By January of this year, the group had raised just over 390-million Euros (R5.75-billion) to bridge the gap in international sexual and reproductive health funding left by Trump’s decision.
Meanwhile, individuals also stepped in.
In Madagascar, where nearly all of Marie Stopes’ outreach efforts were US-funded, an anonymous American donor kicked in $1-million (R12.1-million) of his own cash to purchase a new fleet of vehicles after USAID took back all of its cars.
“He asked where we could use his money that would make the most significant impact, and told us to send it there,” explains Marjorie Newman-Williams, Marie Stopes International’s vice-president and director of external affairs.
Even outside the uber-wealthy, she says, the organisation “saw quite a notable spike in individual donations this year. It’s clear to me that when people understand what’s happening here, they’re moved to give.”
The problem, she says, is that US funding was always a solid, long-term prospect. Under the Obama administration, it came like clockwork year after year, allowing Marie Stopes International to grow from a relatively small family planning NGO into one of the world’s largest in less than a decade.
And while well-intentioned, none of the donors who have stepped into the void Trump created have deep enough pockets to make the kinds of promises the US once did.
“There are organisations that have worked for decades in certain countries and communities to build trusted healthcare systems, and that’s what’s all at stake right now because in so many cases those trusted healthcare systems are supported by US funding,” says Seema Jalan, executive director of the United Nations Foundation’s Universal Access Project.

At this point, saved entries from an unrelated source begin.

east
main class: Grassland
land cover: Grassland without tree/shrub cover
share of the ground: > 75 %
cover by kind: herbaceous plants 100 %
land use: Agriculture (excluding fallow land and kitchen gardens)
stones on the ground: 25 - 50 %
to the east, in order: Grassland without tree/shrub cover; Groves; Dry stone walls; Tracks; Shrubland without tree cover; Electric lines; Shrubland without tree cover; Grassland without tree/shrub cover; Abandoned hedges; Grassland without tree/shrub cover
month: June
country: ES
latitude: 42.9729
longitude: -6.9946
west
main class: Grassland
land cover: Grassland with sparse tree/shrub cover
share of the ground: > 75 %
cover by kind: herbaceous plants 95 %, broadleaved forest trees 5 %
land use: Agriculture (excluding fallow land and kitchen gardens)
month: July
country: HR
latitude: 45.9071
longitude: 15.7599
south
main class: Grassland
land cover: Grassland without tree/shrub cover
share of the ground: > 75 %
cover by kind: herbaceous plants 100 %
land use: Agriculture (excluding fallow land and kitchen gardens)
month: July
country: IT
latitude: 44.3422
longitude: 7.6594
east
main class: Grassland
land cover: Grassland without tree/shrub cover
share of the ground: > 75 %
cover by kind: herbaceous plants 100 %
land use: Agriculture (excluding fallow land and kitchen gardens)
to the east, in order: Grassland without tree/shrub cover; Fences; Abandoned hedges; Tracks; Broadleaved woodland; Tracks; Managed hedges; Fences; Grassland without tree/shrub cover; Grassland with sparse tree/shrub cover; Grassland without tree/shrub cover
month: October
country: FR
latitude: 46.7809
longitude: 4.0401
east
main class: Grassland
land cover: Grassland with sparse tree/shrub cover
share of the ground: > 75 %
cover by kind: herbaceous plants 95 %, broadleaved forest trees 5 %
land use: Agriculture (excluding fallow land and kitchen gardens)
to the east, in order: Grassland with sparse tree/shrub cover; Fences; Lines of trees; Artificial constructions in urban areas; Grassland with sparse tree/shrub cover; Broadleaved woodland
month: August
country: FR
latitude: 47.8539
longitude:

In many cases, American funding helped give countries crucial momentum in their efforts to expand contraceptive access.
In West Africa in particular, Newman-Williams says, several countries recorded record-breaking progress in the past decade. In Burkina Faso, for instance, thanks to fierce government advocacy and international donor support, the number of women who wanted to prevent pregnancy but didn’t have access to birth control fell from two-thirds in 2011 to 24% in 2016, according to 2011 Guttmacher data and 2016 figures from health research body, Performance Monitoring and Accountability 2020.
But in 2017, Marie Stopes in Burkina Faso lost about a quarter of its funding, which had come from the American government. In response, it cut three of its nine outreach teams and ended financial support to 80 government clinics.
For Newman-Williams, those kinds of cuts could open a dangerous gap in services at a critical moment.
She warns: “To nip the progress of a country that has come so far like Burkina Faso in the bud right now would really be tragic.” – Additional reporting by Pontsho Pilane
Ryan Lenora Brown is a freelance reporter, editor, and researcher based in Johannesburg, South Africa.